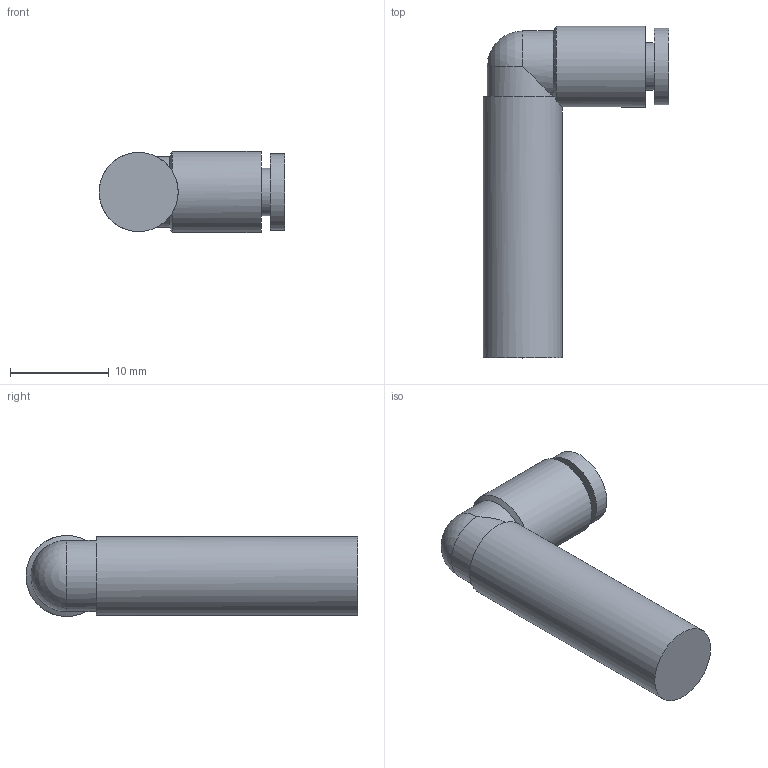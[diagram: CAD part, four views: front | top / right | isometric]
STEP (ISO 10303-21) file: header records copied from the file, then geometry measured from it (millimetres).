
FILE_DESCRIPTION( ( 'STEP AP214' ), '1' );
FILE_NAME( 'KQ2L04-08A.stp', '2020-05-14T09:34:49', ( 'License CC BY-ND 4.0' ), ( 'CADENAS' ), ' ', 'PARTsolutions', ' ' );
FILE_SCHEMA( ( 'AUTOMOTIVE_DESIGN { 1 0 10303 214 1 1 1 1 }' ) );
Length unit declared in the file: millimetre
Products named in the file (1): _KQ2L04-08A
Bounding box: 18.8 x 33.6 x 8.2 mm (x, y, z)
Volume: 1973.4 mm3; surface area: 1417.9 mm2
Topology: 1 solids, 1 shells, 15 faces, 32 edges, 21 vertices
Faces by surface type: cylinder 7, plane 6, cone 1, sphere 1
Full cylindrical faces by diameter (mm): 4 x1, 4.8 x1, 7.7 x1, 8 x1, 8.2 x1
Entity records: 508 total; most frequent: CARTESIAN_POINT 82, DIRECTION 66, ORIENTED_EDGE 46, AXIS2_PLACEMENT_3D 32, EDGE_LOOP 23, EDGE_CURVE 23, FACE_OUTER_BOUND 20, VERTEX_POINT 18

+===+

Assignment –
Transcribe the listing exactly. Its images are to be omitted.

Exercise answer –
[diagram: CAD part, four views: front | top / right | isometric]
STEP (ISO 10303-21) file: header records copied from the file, then geometry measured from it (millimetres).
FILE_DESCRIPTION( ( 'STEP AP214' ), '1' );
FILE_NAME( 'KQ2L04-08A.stp', '2020-05-14T09:34:49', ( 'License CC BY-ND 4.0' ), ( 'CADENAS' ), ' ', 'PARTsolutions', ' ' );
FILE_SCHEMA( ( 'AUTOMOTIVE_DESIGN { 1 0 10303 214 1 1 1 1 }' ) );
Length unit declared in the file: millimetre
Products named in the file (1): _KQ2L04-08A
Bounding box: 18.8 x 33.6 x 8.2 mm (x, y, z)
Volume: 1973.4 mm3; surface area: 1417.9 mm2
Topology: 1 solids, 1 shells, 15 faces, 32 edges, 21 vertices
Faces by surface type: cylinder 7, plane 6, cone 1, sphere 1
Full cylindrical faces by diameter (mm): 4 x1, 4.8 x1, 7.7 x1, 8 x1, 8.2 x1
Entity records: 508 total; most frequent: CARTESIAN_POINT 82, DIRECTION 66, ORIENTED_EDGE 46, AXIS2_PLACEMENT_3D 32, EDGE_LOOP 23, EDGE_CURVE 23, FACE_OUTER_BOUND 20, VERTEX_POINT 18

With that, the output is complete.